It was hard enough for Stephanie to get methadone treatment when she moved from Indiana to Florida last year. The nearest clinic, north of Tampa, was almost an hour away, and she needed help with transportation. But at least Stephanie didn't have to worry about affording it.

Medicaid in Florida covers methadone, which reduces her opioid cravings and prevents withdrawal symptoms. Stephanie had young children, and had trouble landing a job after the move. So even though Florida has strict eligibility rules for Medicaid, she qualified for coverage.

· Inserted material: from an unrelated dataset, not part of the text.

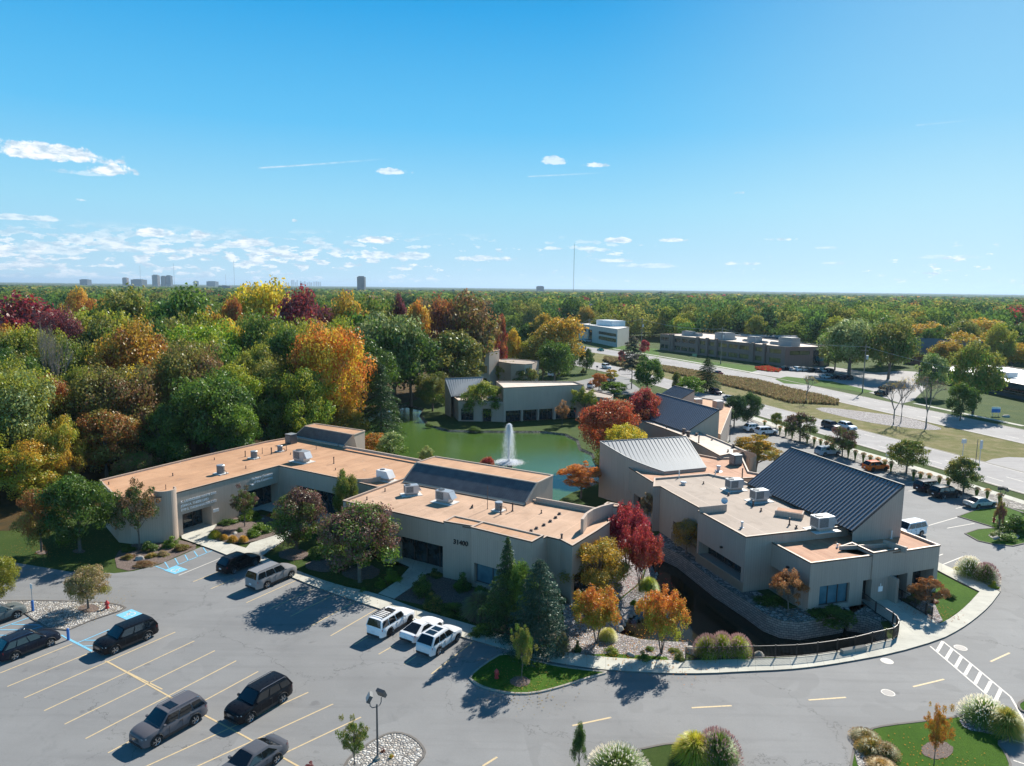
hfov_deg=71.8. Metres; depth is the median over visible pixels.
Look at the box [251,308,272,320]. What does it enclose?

For nearly a decade, methadone has helped Stephanie juggle jobs and take care of her kids. Stephanie, 39, asked to be identified by her first name only, because her two youngest kids don't know she's in treatment for opioid addiction. But methadone lets her “just have a normal — really normal — life,” she said.

“You know, all the things that some people take for granted.” So it was devastating when Stephanie arrived last summer at her clinic in Inverness, Florida to pick up her weekly supply of doses, and learned she had been dropped from the state’s Medicaid rolls. Florida, like other states, was going through its data and checking the eligibility of each enrollee — part of a bureaucratic reset after the end of the pandemic.

Stephanie didn’t know why she was disqualified, but suddenly, her methadone prescription cost hundreds of dollars that she couldn’t afford. She panicked, afraid that a disruption in care would.